Author:  rh [ Mon Apr 03, 2006 8:30 am ]
Post subject:  Re: Choosing my 1st accordion

Bartleby wrote:
I was wondering what would be the downside, or limitation, of the Hohner Pantera G/C/F model?


it won't really work if you are going to play Irish music, it's more appropriate for Mexican or Tejano music.

virtually all the good Irish players are using either a B/C or C#/D box.

Billy McComiskey's Learner boxes are pretty reasonable, i know Ro3b has owned one.

i've heard good reports on these instruments:
http://www.irishdancemaster.com/accordion.html

i've seen cheaper B/C boxes on eBay, sometimes Hohner Double-Rays go for around $500.

Author:  Martin Milner [ Mon Apr 03, 2006 8:37 am ]
Post subject: 

Nobody I can think of plays Irish music on a G/C/F accordion, so you'll be on your own in that respect. Doesn't mean you can't, but you won't be able to go to any workshops or find a teacher, you'll be developing your own style.

That said, anglo concertinas play in G/C, so you might possibly find something in common with players of Anglo G/Cs.
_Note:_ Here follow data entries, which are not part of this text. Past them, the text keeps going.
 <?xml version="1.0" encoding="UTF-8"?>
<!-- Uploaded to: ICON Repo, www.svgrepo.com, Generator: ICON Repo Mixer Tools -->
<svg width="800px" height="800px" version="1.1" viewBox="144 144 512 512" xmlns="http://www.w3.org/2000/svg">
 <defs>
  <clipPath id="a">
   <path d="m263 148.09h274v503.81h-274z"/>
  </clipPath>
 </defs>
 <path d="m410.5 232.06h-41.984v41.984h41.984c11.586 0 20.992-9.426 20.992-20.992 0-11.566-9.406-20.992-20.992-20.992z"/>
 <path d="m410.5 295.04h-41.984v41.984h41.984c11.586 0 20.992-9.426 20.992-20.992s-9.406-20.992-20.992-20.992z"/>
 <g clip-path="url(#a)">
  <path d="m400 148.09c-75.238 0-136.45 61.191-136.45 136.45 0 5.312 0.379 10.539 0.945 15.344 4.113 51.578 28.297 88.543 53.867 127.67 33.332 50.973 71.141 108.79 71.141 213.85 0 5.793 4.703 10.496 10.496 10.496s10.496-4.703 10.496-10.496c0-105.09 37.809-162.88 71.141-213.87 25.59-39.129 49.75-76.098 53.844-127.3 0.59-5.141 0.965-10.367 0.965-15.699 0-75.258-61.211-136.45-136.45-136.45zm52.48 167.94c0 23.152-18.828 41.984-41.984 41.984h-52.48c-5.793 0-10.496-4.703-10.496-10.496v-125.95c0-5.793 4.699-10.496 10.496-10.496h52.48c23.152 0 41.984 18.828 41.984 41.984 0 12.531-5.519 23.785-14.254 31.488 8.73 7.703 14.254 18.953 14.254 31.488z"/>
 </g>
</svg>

Tuning apart then, Hohners are generally good instruments - you pretty much get what you pay for in the accordion world, with prices topping about around £3,500.00 or approximately $6,300.00, for big, complicated, multi-voiced instruments. A lot of people start on a Hohner and swear by them, though I don't know anything about this particular model.
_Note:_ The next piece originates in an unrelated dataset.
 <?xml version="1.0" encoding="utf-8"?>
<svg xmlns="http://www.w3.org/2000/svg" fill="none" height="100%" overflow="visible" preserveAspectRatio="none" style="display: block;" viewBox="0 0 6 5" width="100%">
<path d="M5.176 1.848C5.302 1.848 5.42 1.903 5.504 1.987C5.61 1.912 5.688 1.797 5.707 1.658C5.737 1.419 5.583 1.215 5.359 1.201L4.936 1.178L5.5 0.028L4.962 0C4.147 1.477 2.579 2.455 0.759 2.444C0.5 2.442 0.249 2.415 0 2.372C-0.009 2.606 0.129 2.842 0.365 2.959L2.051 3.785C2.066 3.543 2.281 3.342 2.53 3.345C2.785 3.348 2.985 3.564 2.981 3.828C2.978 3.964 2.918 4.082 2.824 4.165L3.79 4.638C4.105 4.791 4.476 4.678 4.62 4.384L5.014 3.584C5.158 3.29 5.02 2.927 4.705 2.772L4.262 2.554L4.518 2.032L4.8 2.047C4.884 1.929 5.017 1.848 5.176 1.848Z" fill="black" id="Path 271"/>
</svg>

I'd suggest you ask on Melodeon.net, that's a site dedicated to melodeon and accordion players, and they'll be a lot more knowledgeable.

Author:  rh [ Mon Apr 03, 2006 9:02 am ]
Post subject: 

Martin Milner wrote:
That said, anglo concertinas play in G/C, so you might possibly find something in common with players of Anglo G/Cs.


Most players of G/C anglo concertinas in Irish music have 30-button instruments which have a row of chromatic notes and enable you to play in keys other than G and C. The G/C/F accordion does not have this row, so you can only play in G, C or F, which leaves you S/O/L if you want to play tunes in D.

Kitty Hayes, of course, is an example of someone who's played for years of a 2-row G/C concertina without the chromatic row, but if you are in the USA and just starting out, i would say that being able to play in D is pretty important.

Author:  Martin Milner [ Mon Apr 03, 2006 9:21 am ]
Post subject: 

rh wrote:
Martin Milner wrote:
That said, anglo concertinas play in G/C, so you might possibly find something in common with players of Anglo G/Cs.


Most players of G/C anglo concertinas in Irish music have 30-button instruments which have a row of chromatic notes and enable you to play in keys other than G and C. The G/C/F accordion does not have this row, so you can only play in G, C or F, which leaves you S/O/L if you want to play tunes in D.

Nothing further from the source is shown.